Leaders from several European countries are holding an emergency meeting to try to close sharp divisions on the migrant crisis in the Balkans.

A draft statement calls on countries to stop waving through migrants without the agreement of their neighbours.

Slovenian PM Miro Cerar warned that the EU would "start falling apart" without concrete action on the crisis.

But his Serbian counterpart Aleksandar Vucic played down the prospects of a deal.

"I'm not sure that we're going to conclude something that will be very helpful immediately," he said, adding he was sure the countries involved would be able to overcome "blame games".

Ten EU and three non-EU states are taking part but the absence of Turkey at the summit has been questioned.

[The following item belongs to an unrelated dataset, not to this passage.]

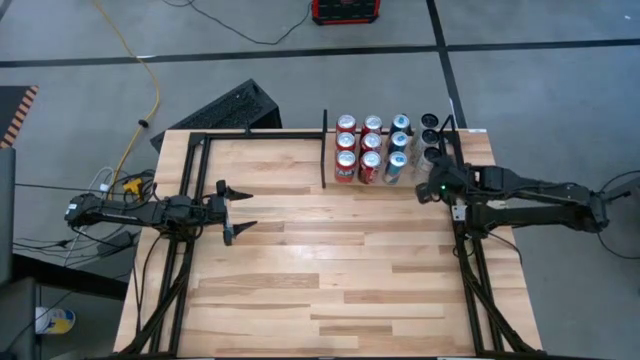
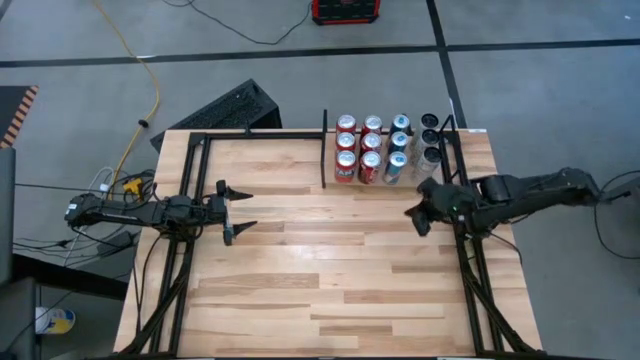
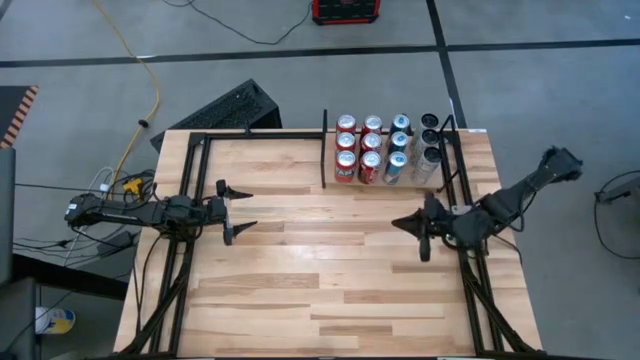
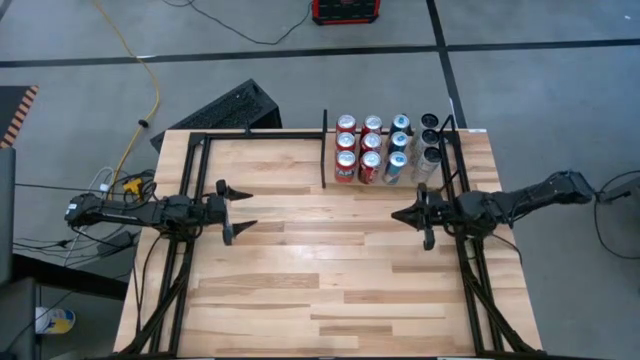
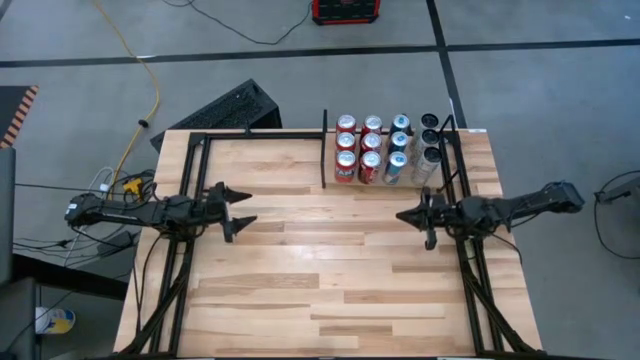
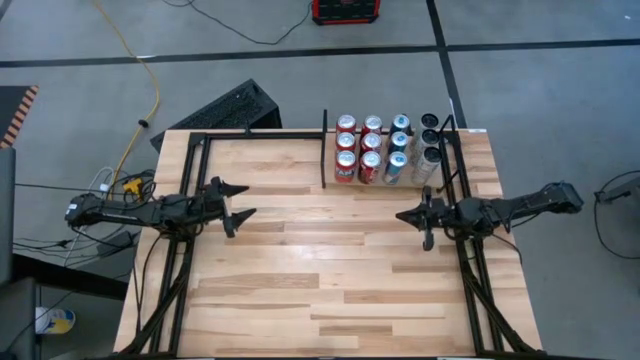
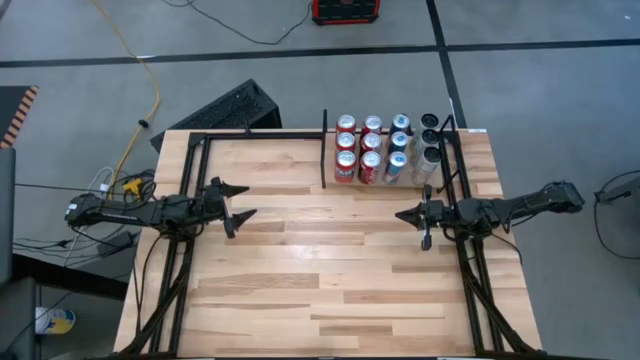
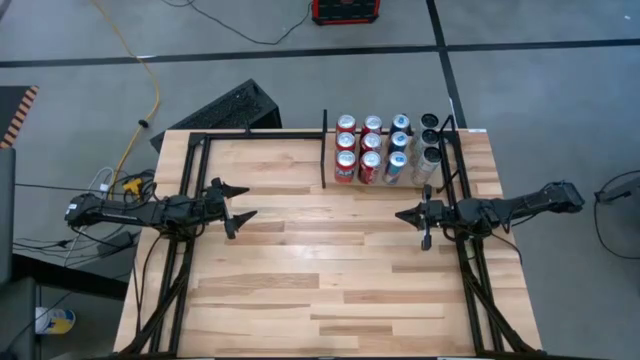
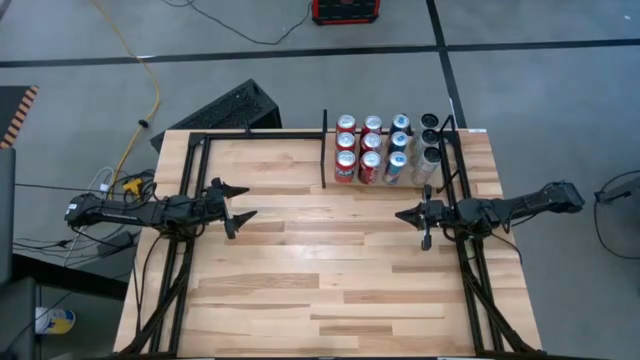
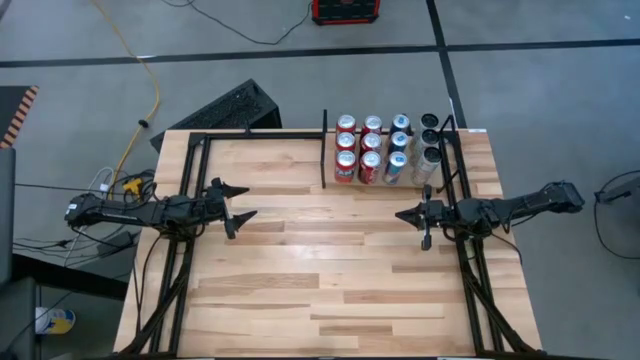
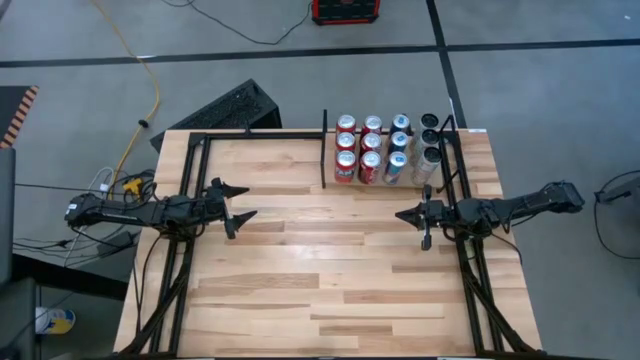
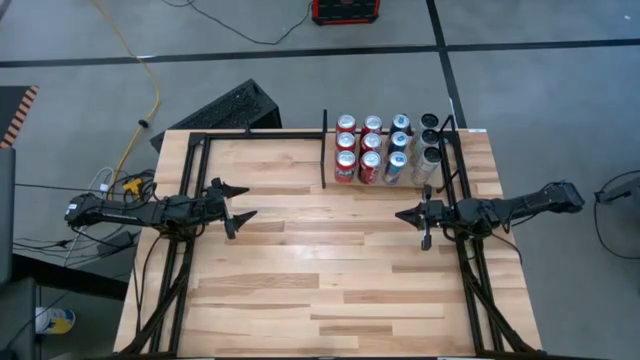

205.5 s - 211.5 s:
Return to Home Position

"Today the discussion will be among the countries along the corridor of the refugee flows," said Greek Prime Minister Alexis Tsipras.

"But everybody knows at the end of the corridor there is an entrance."

The draft leaked ahead of the meeting calls for the "gradual and controlled" movement of people through the migration route.

It also proposes to bolster EU patrols at Greece's borders and to send 400 extra guards to Slovenia.

Germany Chancellor Angela Merkel said the refugee crisis could not be solved without the help of Turkey.

Balkan bottlenecks

Hungary closed its border with Croatia last week. As a result, Slovenia saw 58,000 arrivals in the week leading up to Saturday, and many people are waiting in wet and cold conditions.

"We will not be able to endure this for weeks if we do not get help," said Mr Cerar, arriving for the summit.

The Slovenian government has accused Croatia of deliberately dumping thousands of migrants on the border.

Croatia says it has no choice because Slovenia is allowing far fewer into the country than it should be.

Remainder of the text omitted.